Microsoft is at it again as it gets ready to release a significant user interface update for its Edge browser. The developer has begun integrating the Copilot design language into early Canary and Dev test versions of its Microsoft Edge browser. The redesign marks a move away from the traditional Fluent Design language toward a more unified, AI-driven interface.
A redesigned tab page, revised context menus, and a settings section that resembles the Copilot app are among the design modifications. According to Windows Central, Edge will have rounded corners and utilise the same fonts and colours as Microsoft’s Copilot program.
Some of the new visual components (such as rounded edges and redesigned menus) may continue to function even if the particular “Copilot Mode” is turned off, according to early tester reports.
Additionally, the Copilot Mode of Microsoft’s browser is not connected to the new Microsoft Edge user interface. Microsoft seems to be moving forward with integrating Copilot’s distinctive design language into Edge, which may indicate that we will eventually see components of this user interface in Windows as well as other Microsoft web domains.

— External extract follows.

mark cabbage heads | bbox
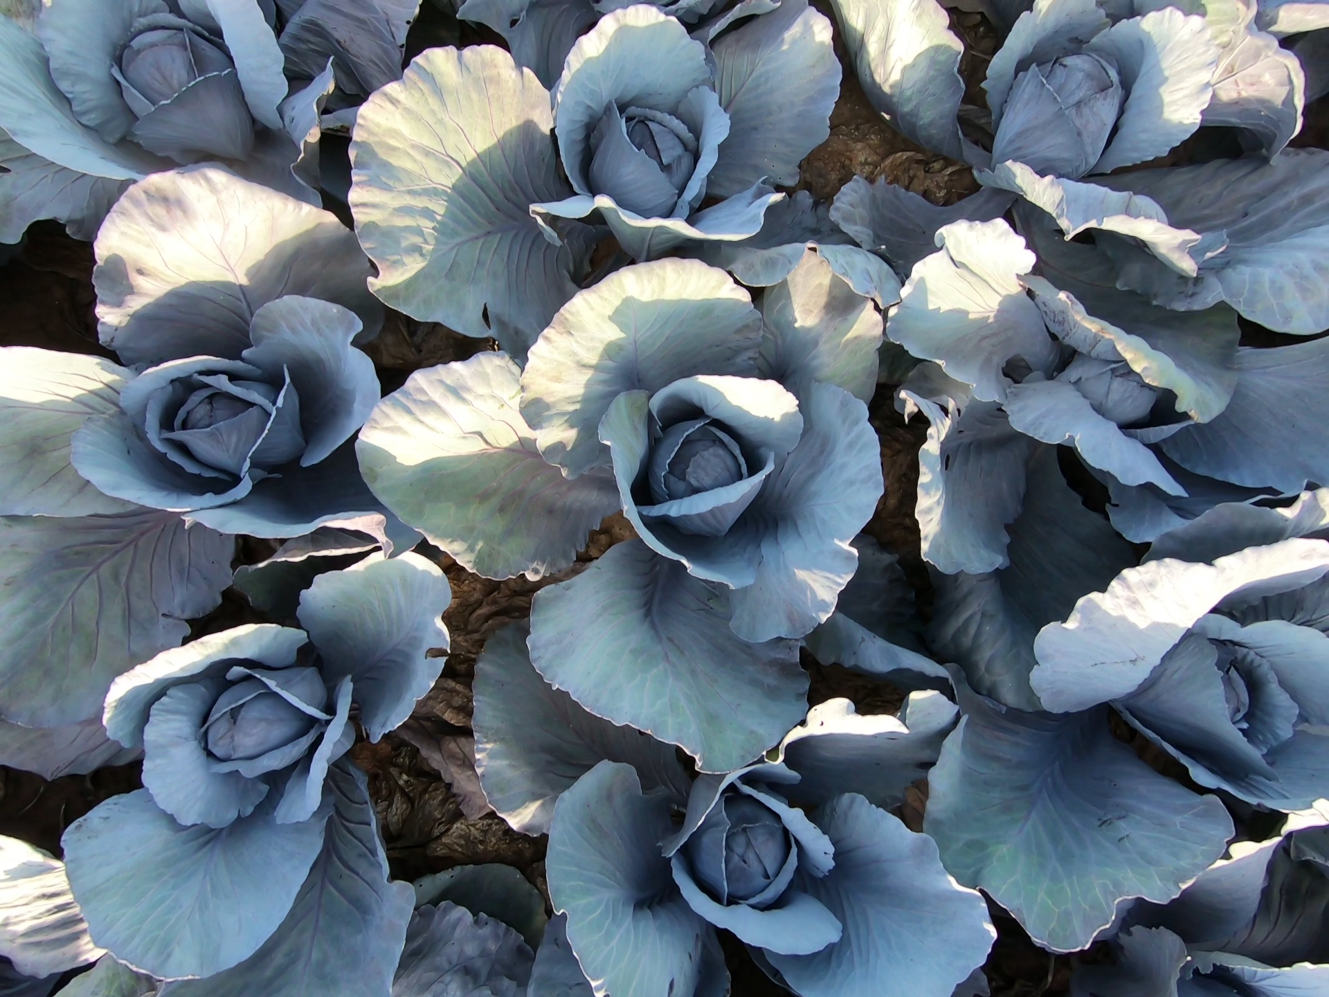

Last year, Mustafa Suleyman, CEO of Microsoft AI, disclosed that the company’s strategy with Edge is to improve the browser rather than develop a completely new AI browser. In an interview with Notepad, Suleyman stated, “This is just going to be one experience; there won’t be a new browser.”
Microsoft’s browser will undoubtedly feel more focused on AI capabilities than it does now if the Copilot design language is incorporated more thoroughly into Edge. The Fluent design approach that Microsoft employs in many of its products is very different from the Copilot design language. After the majority of the Inflection AI team joined Microsoft in 2024, Copilot initially received this redesigned design. The Pi AI assistant that Inflection AI was developing has a very identical design.

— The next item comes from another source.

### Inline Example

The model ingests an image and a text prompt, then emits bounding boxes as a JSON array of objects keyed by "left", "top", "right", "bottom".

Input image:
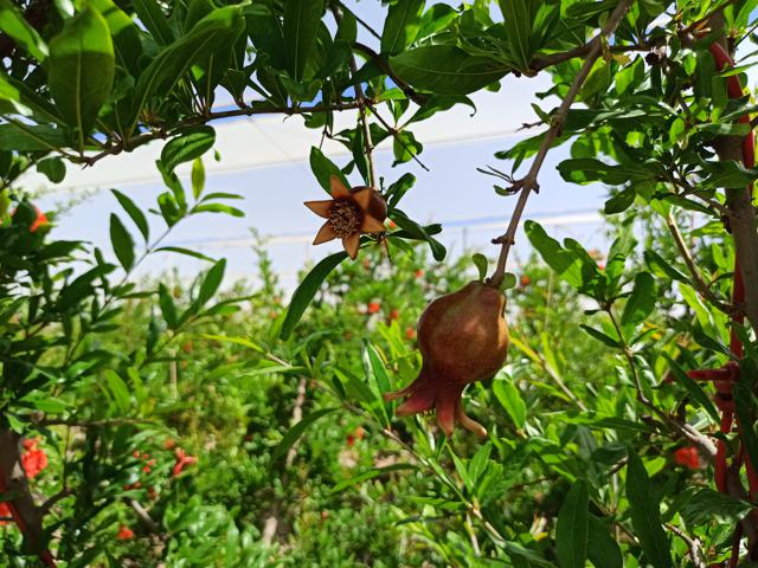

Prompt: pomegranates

The major redesign features are visual aesthetics with the new colour palettes, aggressively rounded corners, and typographic styles that are directly taken from the Copilot standalone app have been included into the browser. Another redesigned features is the updated Components which has the Settings menu, dropdown elements, and context menus (right-click) are just a few of the UI elements that have been redesigned. Also the redesigned new tab page with a centralised input box for chat, search, and navigation, the new tab experience has been simplified to mimic the Copilot splash screen. And finally the Copilot Mode, the new Copilot Mode, which users may toggle on for a more proactive AI-driven browsing experience, is where the most noticeable visual improvements are being implemented.
The update adds “agentic” features in addition to visuals that includes the Copilot actions that enables the AI to carry out multi-step processes, such as making reservations or organising email inboxes. There is also a multi-tab context feature where Copilot can now compare products or provide complex answers by analysing and reasoning across all open tabs at once. The Journeys mode assists users in starting new research sessions by automatically organising previous browsing projects into topic-based summaries.